## EXERCISE AIM
Pictures stay out of the copy, which must hold exactly the lines from the one containing "Does the copy" through the end of the material below.

Top of DATA

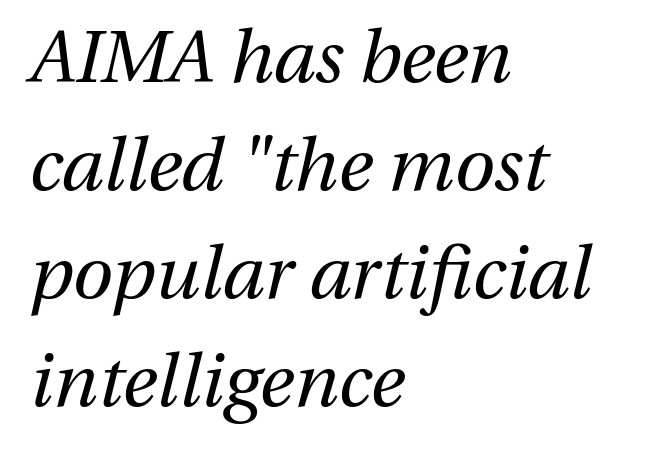
{"italic": "yes", "lean": "right", "slant_degrees": 13, "bold": "no", "weight": "regular", "width": "normal", "stroke_contrast": "medium", "x_height": "medium", "monospaced": "no", "underline": "no", "align": "left", "line_spacing": "normal", "line_spacing_ratio": 1.48, "letter_spacing": "normal", "letter_spacing_em": 0.0, "glyph_px": 73}
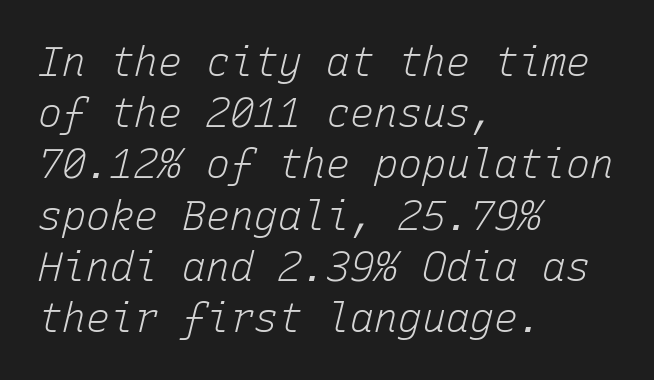
Does the copy run flush right? No — it runs flush left. Italic: yes, the glyphs are oblique. The strip under each line holds only bare page. Here the glyphs are tracked normally, forming tight word shapes. The passage shown is typed in a monospace face where columns stay perfectly aligned.
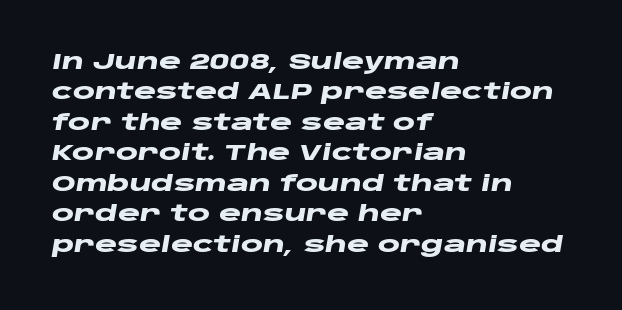
The sample has been set heavy, in full bold. The words here are not underlined. Standard letterfit; no display-style spreading of the glyphs. It's the slanting kind of type.

Bottom of DATA

## EXERCISE RESPONSE
Does the copy run flush right? No — it runs flush left. Italic: yes, the glyphs are oblique. The strip under each line holds only bare page. Here the glyphs are tracked normally, forming tight word shapes. The passage shown is typed in a monospace face where columns stay perfectly aligned.
The sample has been set heavy, in full bold. The words here are not underlined. Standard letterfit; no display-style spreading of the glyphs. It's the slanting kind of type.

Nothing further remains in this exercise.